The Perils and Promises of a Popular Yet Controversial Financing Method

Tax increment financing has been used to build stadiums, libraries and parks.

GROCERY-STORE
TIFs are sometimes used to build Whole Foods stores, not storm sewers.
(Flickr/Tony B)
Tax increment financing (TIF) is one of the most popular financing techniques in a locality’s toolbox. It’s also one of the most unpopular methods among some policy wonks. Intended to eliminate blight in the poorest neighborhoods, TIF projects are often criticized for funneling money away from core services and to neighborhoods that are neither blighted nor poor. But the problem with TIF isn’t the policy itself. When applied properly, TIF can bring the notions of value capture and financial accountability to public works. 

TIF policies vary by structure. But generally TIF works like this: A municipality approves and floats bonds for a new amenity. Then the municipality draws a boundary around the area, estimating which properties will benefit from the amenity. To pay the debt, the municipality uses the added property or sales tax revenue -- called the “increment” -- that results from within the boundary. 

TIF is controversial because it’s become a financing source, and in some cases a slush fund, for some municipalities to speculate on private redevelopment projects. In Chicago, up to one-sixth of the budget has been used for TIF projects, including construction of a Marriott and a Whole Foods. Many of urban America’s much-maligned stadiums and convention centers were funded through TIFs. Because TIF began as a blight combatant, it’s also been used for the controversial practice of performing eminent domain for private uses, such as when Detroit demolished a neighborhood for a GM plant.  

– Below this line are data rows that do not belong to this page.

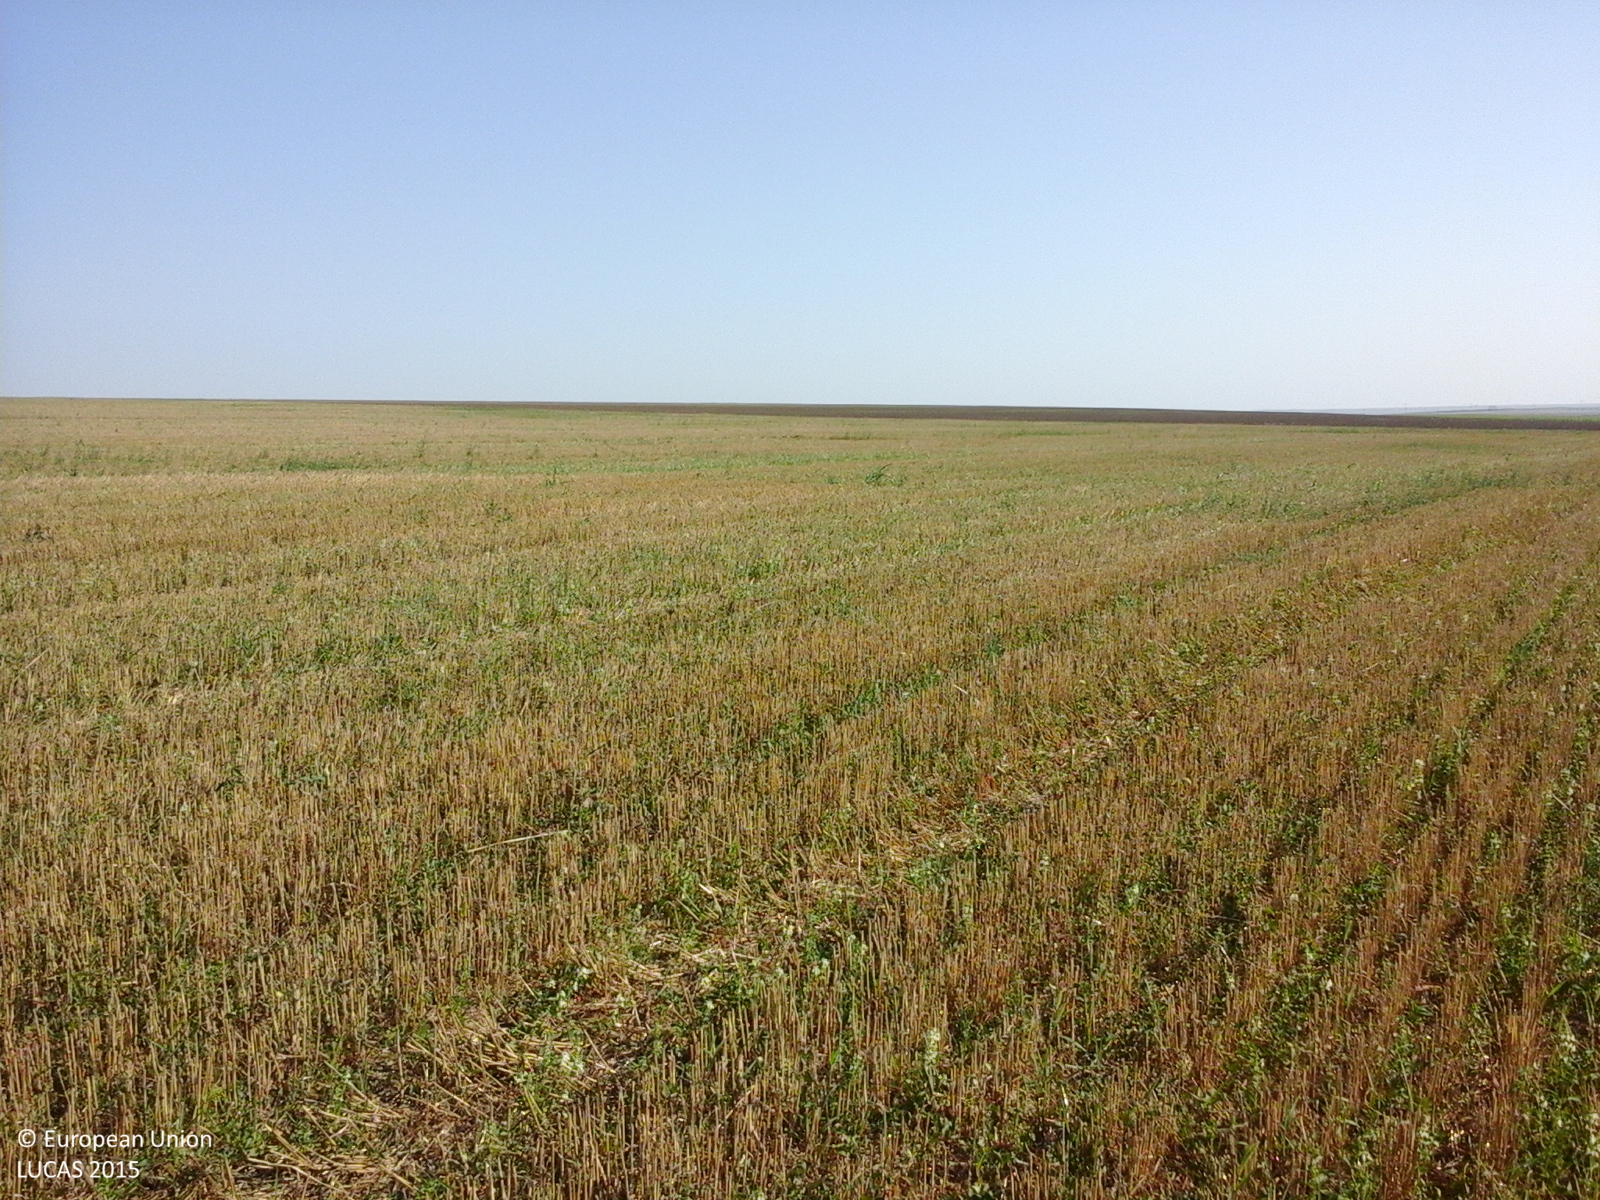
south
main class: Cropland
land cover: Common wheat
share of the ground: > 75 %
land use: Agriculture (excluding fallow land and kitchen gardens)
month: August
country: RO
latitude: 44.3369
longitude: 28.3660
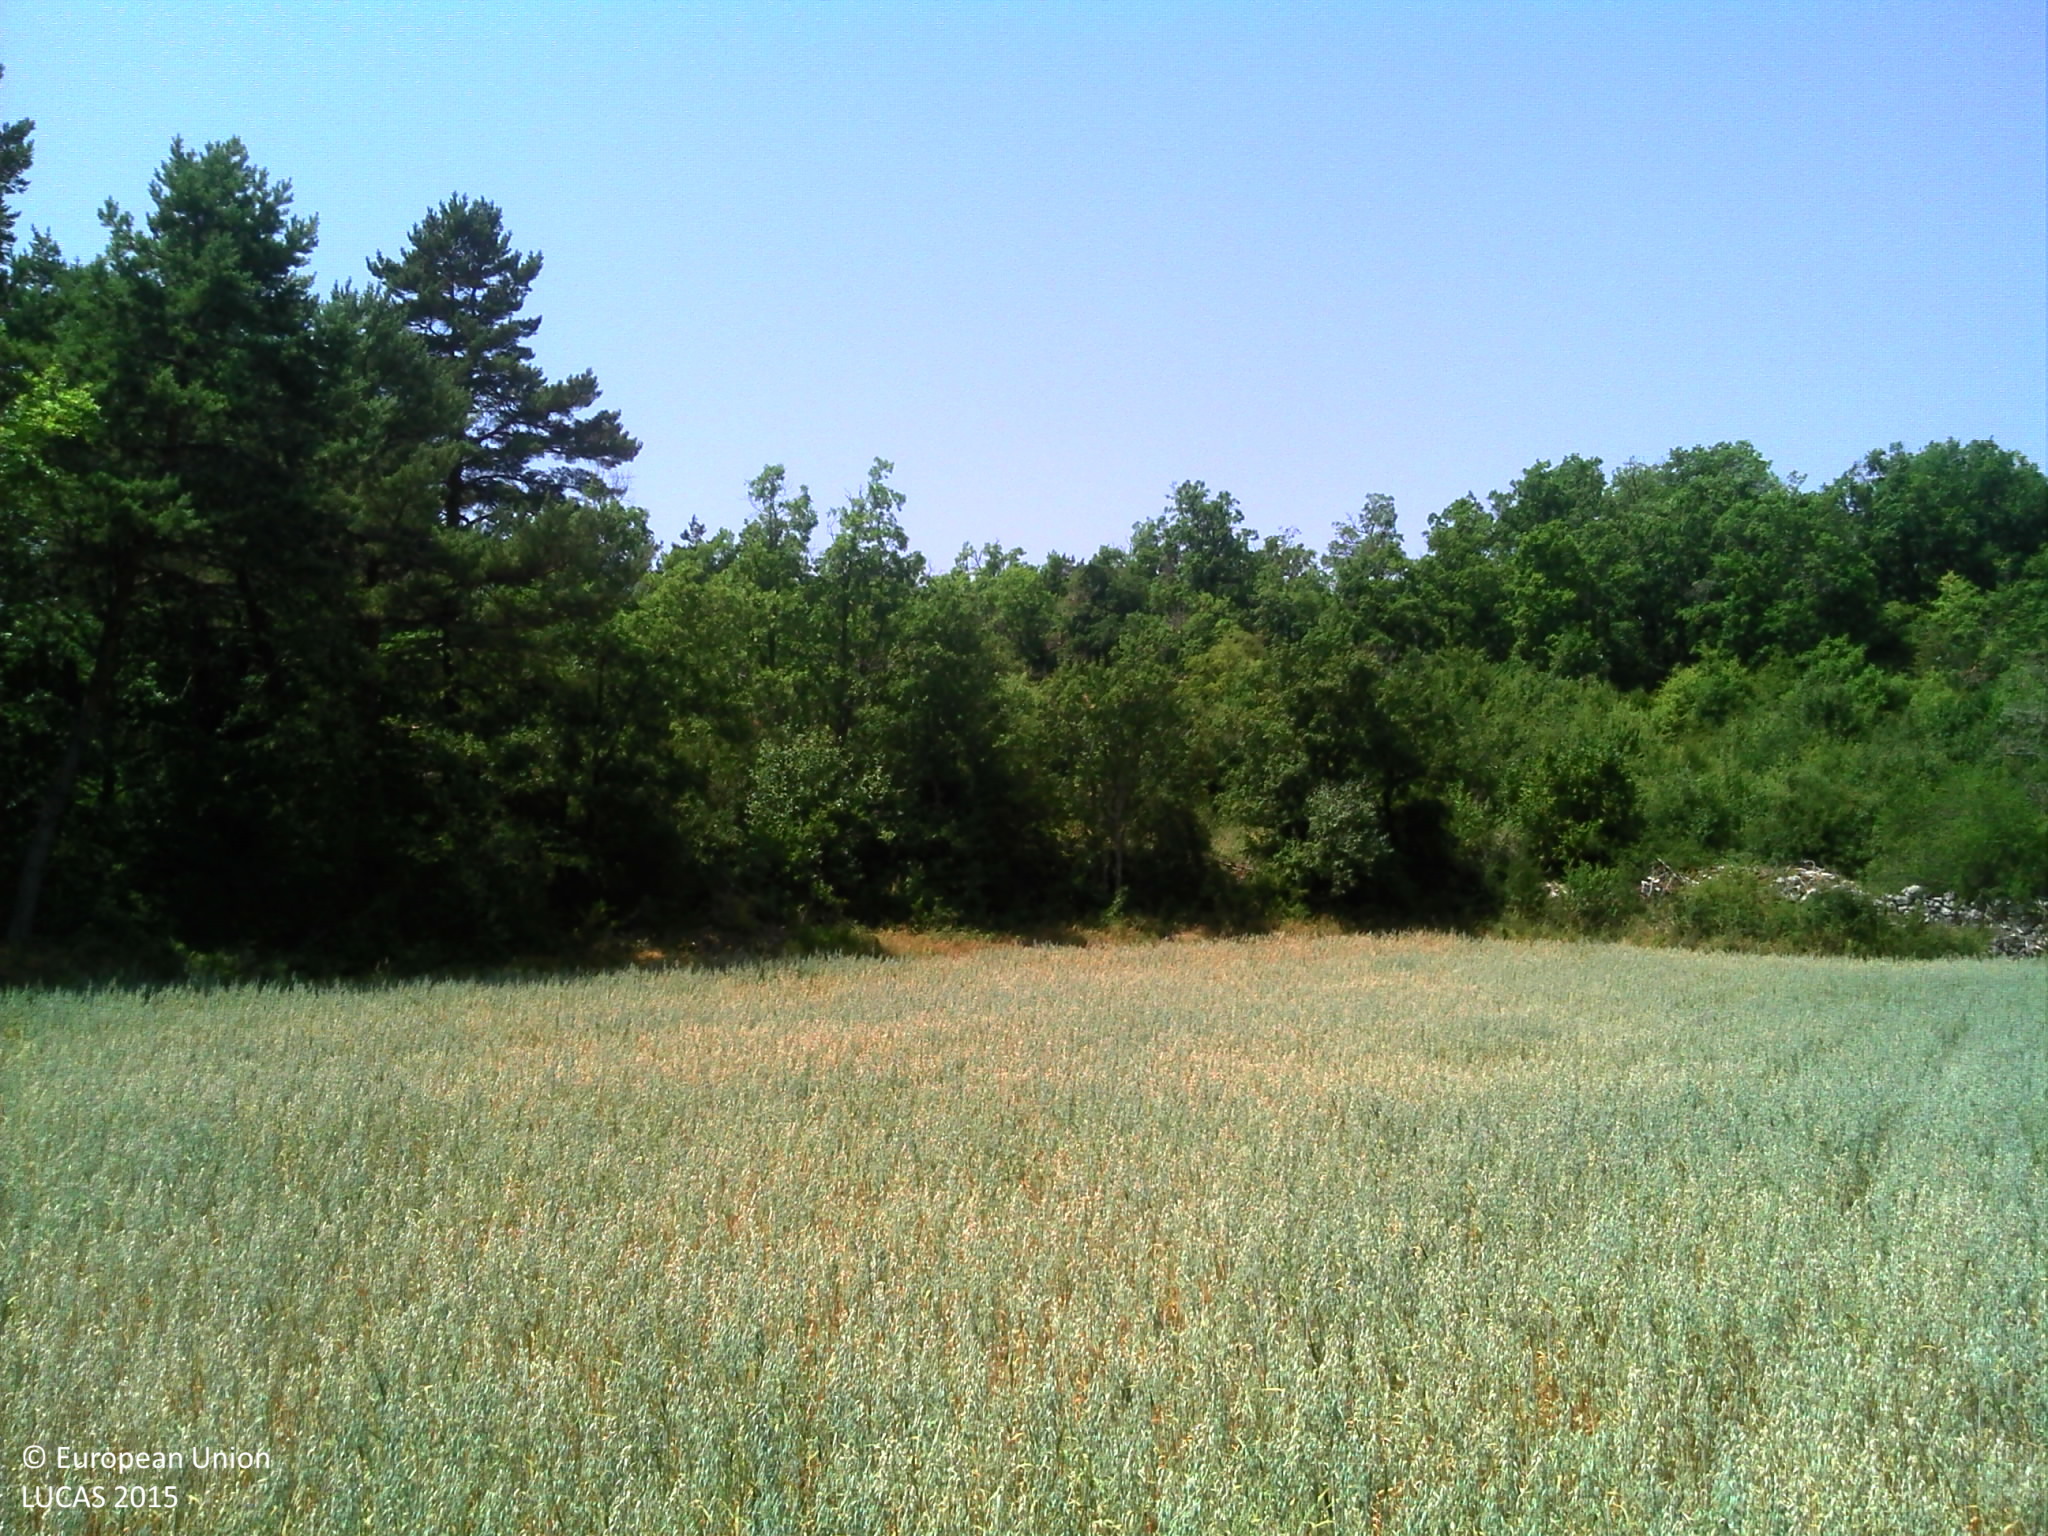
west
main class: Cropland
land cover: Oats
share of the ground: > 75 %
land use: Agriculture (excluding fallow land and kitchen gardens)
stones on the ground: 25 - 50 %
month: July
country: FR
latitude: 44.3131
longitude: 3.2731

But TIF isn’t all bad. A better use for TIF has been for core public works projects, such as libraries, parks, underground infrastructure and street improvements. Mass transit has been a particularly common TIF-funded amenity, which is fitting given that transit is generally built near intensive, revenue-generating uses.

There are several advantages to using TIF, rather than money from the general fund, for these public goods. First, it forces neighborhoods to fund their own amenities. People who benefit from proximity to a project via higher property values, added commerce, or use of that amenity, will actually pay for it. This matters in an age when struggling inner-city neighborhoods and outer suburbs alike resent funding downtown projects that have little to do with them, especially if that means their own services are cut. Second, TIF incentivizes governments to use the land within TIF boundaries for high revenue-generating purposes. 

Of course, TIF doesn’t guarantee against boondoggles. But a third asset is that TIF, if structured properly, encourages accountability. If officials know that a project must pay for itself through added tax receipts in a specific location, they’ll be more cautious about what and where they build. And because TIF demands a before-and-after look at an area’s revenue levels, it clarifies whether an amenity has worked.  

TIF is not the only value-capture option. Other options include special assessment districts, land value taxes and developmental impact fees. While varying in substance, all of these value-capture policies are much more pragmatic and targeted than simply funding projects willy-nilly through the general fund. The key is to use them on public goods, rather than on private real estate speculations that ultimately should be left to the market.